In the copy of the lines below, leave out pictures and print everything else exactly.
--- Given material Enclosed Below ---
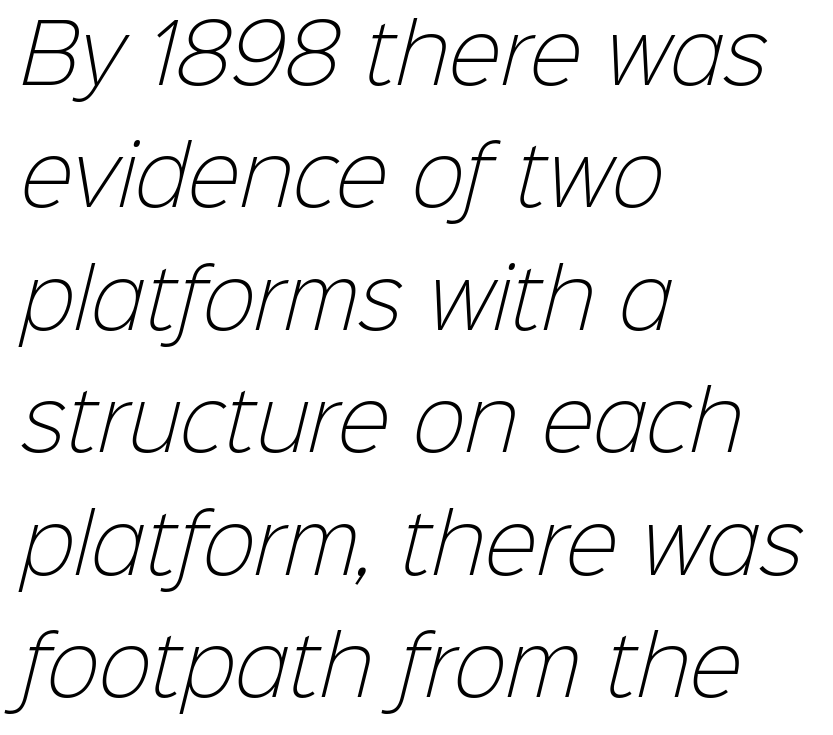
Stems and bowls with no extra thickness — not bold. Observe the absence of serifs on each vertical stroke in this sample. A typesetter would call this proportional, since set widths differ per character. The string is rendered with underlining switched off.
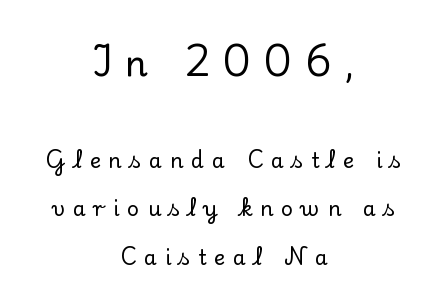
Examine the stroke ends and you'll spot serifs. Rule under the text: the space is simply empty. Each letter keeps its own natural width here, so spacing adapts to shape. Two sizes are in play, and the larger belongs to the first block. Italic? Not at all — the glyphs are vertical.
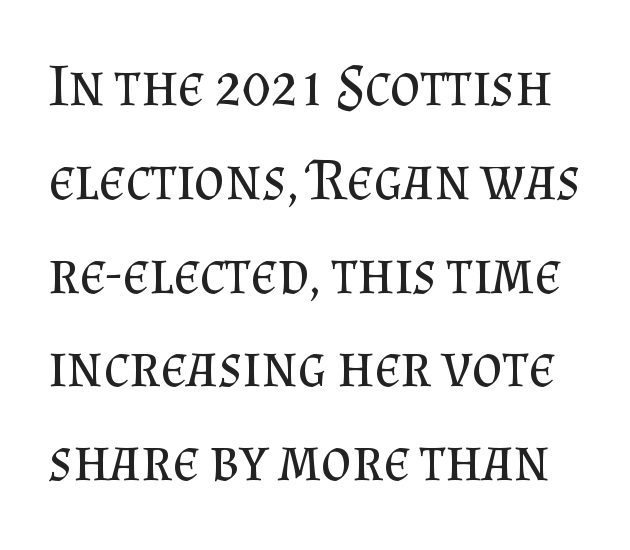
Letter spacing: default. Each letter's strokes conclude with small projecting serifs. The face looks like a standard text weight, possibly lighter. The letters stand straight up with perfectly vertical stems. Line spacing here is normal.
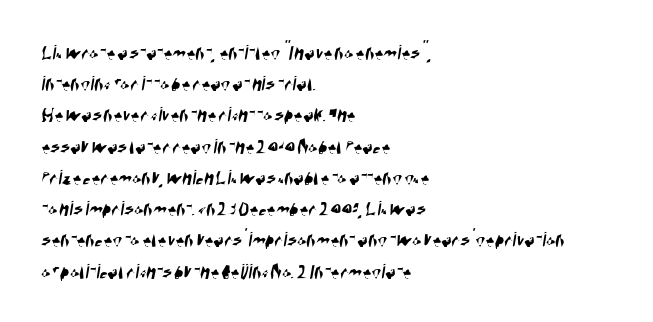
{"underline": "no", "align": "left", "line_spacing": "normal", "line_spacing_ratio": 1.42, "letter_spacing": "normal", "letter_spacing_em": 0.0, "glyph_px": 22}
--- End of Enclosed Given material ---
Output>
Stems and bowls with no extra thickness — not bold. Observe the absence of serifs on each vertical stroke in this sample. A typesetter would call this proportional, since set widths differ per character. The string is rendered with underlining switched off.
Examine the stroke ends and you'll spot serifs. Rule under the text: the space is simply empty. Each letter keeps its own natural width here, so spacing adapts to shape. Two sizes are in play, and the larger belongs to the first block. Italic? Not at all — the glyphs are vertical.
Letter spacing: default. Each letter's strokes conclude with small projecting serifs. The face looks like a standard text weight, possibly lighter. The letters stand straight up with perfectly vertical stems. Line spacing here is normal.
{"underline": "no", "align": "left", "line_spacing": "normal", "line_spacing_ratio": 1.42, "letter_spacing": "normal", "letter_spacing_em": 0.0, "glyph_px": 22}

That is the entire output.